De RCT’s werden uitgevoerd in de setting van gezonde leefstijladviezen. Het op lange termijn aanhouden van gezonde leefstijlgewoonten en het onder controle houden van andere ASCVD-risicofactoren is een essentieel onderdeel van de inspanningen om het ASCVD-risico te verminderen. Het cholesterolpanel onderschreef de aanbevelingen van de AHA/ACC-richtlijn van 2013 over leefstijlbeheer om het cardiovasculaire risico te verminderen .

– Gebruik statinetherapie om het ASCVD-risico te verminderen bij degenen die er het meeste baat bij hebben

Sterk RCT-bewijs ondersteunt een nettovoordeel van statinetherapie bij personen met klinisch ASCVD (secundaire preventie), en in drie groepen personen zonder klinisch ASCVD (primaire preventie), leeftijd ≥21 jaar met LDL-C ≥190 mg/dl, diabetes tussen 40-75 jaar of ≥7,5% 10-jaars ASCVD-risico tussen 40-75 jaar met LDL-C 70-189 mg/dl.
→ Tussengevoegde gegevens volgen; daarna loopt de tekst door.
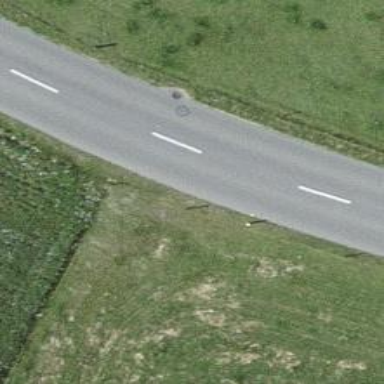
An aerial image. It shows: Tertiary road with asphalt surface.

Matig bewijs ondersteunt het gebruik van een statine voor primaire preventie bij mensen met 5- <7,5% 10-jaars ASCVD-risico in de leeftijd van 40-75 jaar met LDL-C 70-189 mg/dl. Statinetherapie kan ook worden overwogen bij personen die niet aan deze criteria voldoen indien er andere aanwijzingen zijn voor een verhoogd ASCVD-risico. Voor degenen bij wie een op risico gebaseerde beslissing onduidelijk is, kunnen een LDL-C ≥160 mg/dl, familieanamnese van vroegtijdige ASCVD (eerstegraads mannelijke familieleden voor de leeftijd van 55 jaar of vrouwelijke familieleden voor de leeftijd van 65 jaar), hoog levenslang ASCVD-risico, verhoogd coronair arterieel calcium, hooggevoelig CRP ≥2 mg/l of een enkel-brachiale index <0,9 wijzen op een verhoogd ASCVD-risico. Statines mogen niet routinematig worden gestart bij personen met hartfalen van de New York Heart Association (NYHA) klasse II-IV, of bij personen die onderhoudshemodialyse krijgen, vanwege een gebrek aan een risicobeperkend voordeel voor ASCVD.
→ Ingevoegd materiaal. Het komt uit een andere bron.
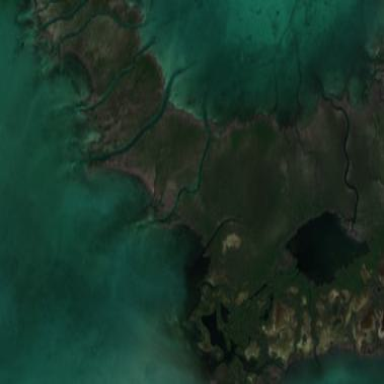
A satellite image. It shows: Coastline with mangrove wetlands.

– Statines zijn veilig bij goed geselecteerde personen wanneer ze op de juiste wijze worden gecontroleerd

Statines hebben een uitstekende staat van dienst wat betreft veiligheid in RCT’s, en er is geen reden meer om levertransaminasen of creatinekinase te controleren, tenzij klinisch geïndiceerd als gevolg van symptomen. In het algemeen werden in de RCT’s personen opgenomen zonder ernstige cormorbide aandoeningen. Deelnemers aan de proeven werden regelmatig gecontroleerd op veiligheid en werkzaamheid (zie meer over controle in het gedeelte ‘Titreer cholesterolverlagende medicatie niet naar LDL-C of niet-HDL-C doelen’). De intensiteit van statines (zie rubriek ‘Kies de juiste intensiteit van statinetherapie om het risico op ASCVD te verminderen’) moet worden aangepast bij personen met een verhoogd risico op bijwerkingen van statines (leeftijd >75 jaar, een voorgeschiedenis van intolerantie voor statines, of andere kenmerken of medicatietherapie die de veiligheid van statines kunnen beïnvloeden).
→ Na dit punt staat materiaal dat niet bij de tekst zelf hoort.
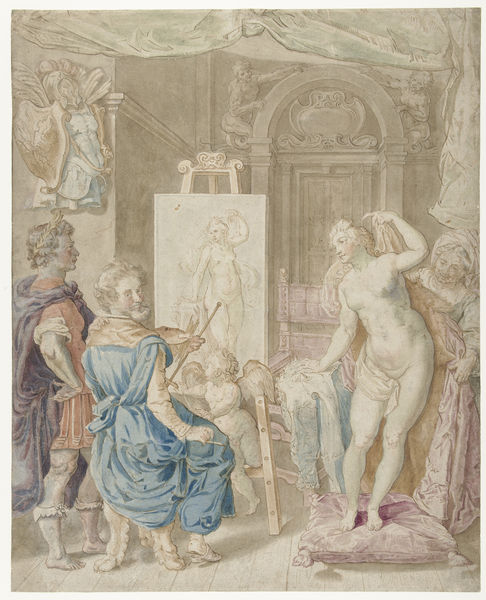
Titel: Apelles schildert Kampaspe
Künstler: Pieter Isaacsz.
Standort: Amsterdam
Institution: Rijksmuseum
Schlagwörter: akt, blau, mann, nackt, umhang, sitzen, frau, hell, stuhl, tür, zeichnung, rot, malerei, bart, barock, bild, porträt, vorhang, interieur, mantel, renaissance, rokoko, engel, putte, putto, modell, zuschauer, kissen, atelier, maler, staffelei, nackte, schild, antike, künstler, leinwand, allegorie, lorbeerkranz, malen, pinsel, römer, venus, malstock, flüel, uschauer, alelier, eninerieur

Spiersymptomen komen vaak voor, maar zijn niet noodzakelijk gerelateerd aan het gebruik van statines. De relatie van spier- of andere symptomen met statinetherapie dient te worden vastgesteld door de statine te staken en vervolgens opnieuw te proberen met de oorspronkelijke of lagere dosis van dezelfde of een andere statine. Ernstige myopathie (met creatinekinaseverhogingen), rhabdomyolyse en hemorragische beroerte als gevolg van statines zijn zeldzaam.

Statines verhogen het risico op diabetes in bescheiden mate, maar het voordeel van de risicovermindering van ASCVD is groter dan het risico op diabetes bij alle personen, behalve die met het laagste risico. Screening op diabetes moet plaatsvinden volgens de huidige diabetesrichtlijnen. Gezonde leefstijlgewoonten moeten bij alle patiënten worden aangemoedigd.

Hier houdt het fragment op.